In the examples, the iterable but unordered set in the middle happens to yield the frozenset first, although it is listed last in the source code. You are given no guarantee about whether that accident will hold true in a different Python version, or even on a different machine or different run.

This all breaks down terribly when strings are involved. Because strings are iterable, every item in their iteration is also a string (which is itself iterable).

How strings break recursion
>>> import sys
>>> sys.setrecursionlimit(10)                       # ❶
>>> flatten(nested, [])
[1, 2, 3, 8, 9, 10, 11, 4, 5, 6, 7, 12, 13, 14, 15, 16, 17, 18]
>>> flatten('abc', [])
Traceback (most recent call last):
  File "<stdin>", line 1, in <module>
  File "<stdin>", line 4, in flatten
  File "<stdin>", line 4, in flatten
  File "<stdin>", line 4, in flatten
  [Previous line repeated 6 more times]             # ❷
RecursionError: maximum recursion depth exceeded

❶ The same breakage occurs with a default depth of 1000, it just shows more lines of traceback before doing so.

❷ Recent python shells simplify many tracebacks, but ipython does not by default.

Using flatten2() or flatten_gen() will produce very similar tracebacks and exceptions (small details of their tracebacks vary, but RecursionError is the general result in all cases). If strings are nested within other data structures rather than top level, the result is essentially the same:

>>> flatten2(('a', ('b', 'c')), [])
Traceback (most recent call last):
  File "<stdin>", line 1, in <module>
  File "<stdin>", line 4, in flatten2
  File "<stdin>", line 4, in flatten2
  File "<stdin>", line 4, in flatten2
  [Previous line repeated 2 more times]
  File "<stdin>", line 2, in flatten2
  File "<frozen abc>", line 119, in __instancecheck__
RecursionError: maximum recursion depth exceeded in comparison

The solution to these issues is to add some unfortunate ugliness to code, as in the examples shown here.

Ugly but safe flatten function
>>> def flatten_safe(o, items=[]):
...     if isinstance(o, (str, bytes)):             # ❶
...         items.append(o)
...     elif isinstance(o, Iterable):
...         for part in o:
...             flatten_safe(part, items)
...     else:
...         items.append(o)
...     return items
...
>>> flatten_safe(('a', ['b', 'c'], {'dee'}), [])
['a', 'b', 'c', 'dee']
>>> flatten_safe(nested, [])
[1, 2, 3, 8, 9, 10, 11, 4, 5, 6, 7, 12, 13, 14, 15, 16, 17, 18]

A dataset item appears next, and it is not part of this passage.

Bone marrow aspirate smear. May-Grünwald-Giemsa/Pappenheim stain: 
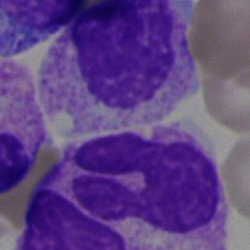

>>> flatten([b'abc', [100, 101]], [])
[97, 98, 99, 100, 101]                              # ❷
>>> flatten_safe([b'abc', [100, 101]], [])
[b'abc', 100, 101]                                  # ❸

bytes has a slightly different but also annoying issue.

❷ No exception occurred, but probably not what you wanted

❸ Most likely the behavior you were hoping for

It would be nice if Python had a virtual parent class like collections.abc. NonAtomicIterable. Unfortunately, it does not, and it cannot without substantially changing the semantics of Python strings. Or perhaps, less intrusively, isinstance() could conceivably check for something else beyond the presence of an .__iter__() when deciding whether an object is an instance of this hypothetical NonAtomicIterable interface.

For the current Python version, 3.12 as of this writing, special case checking for string-ness is really the only approach available to handle the dual composite/atomic nature of strings.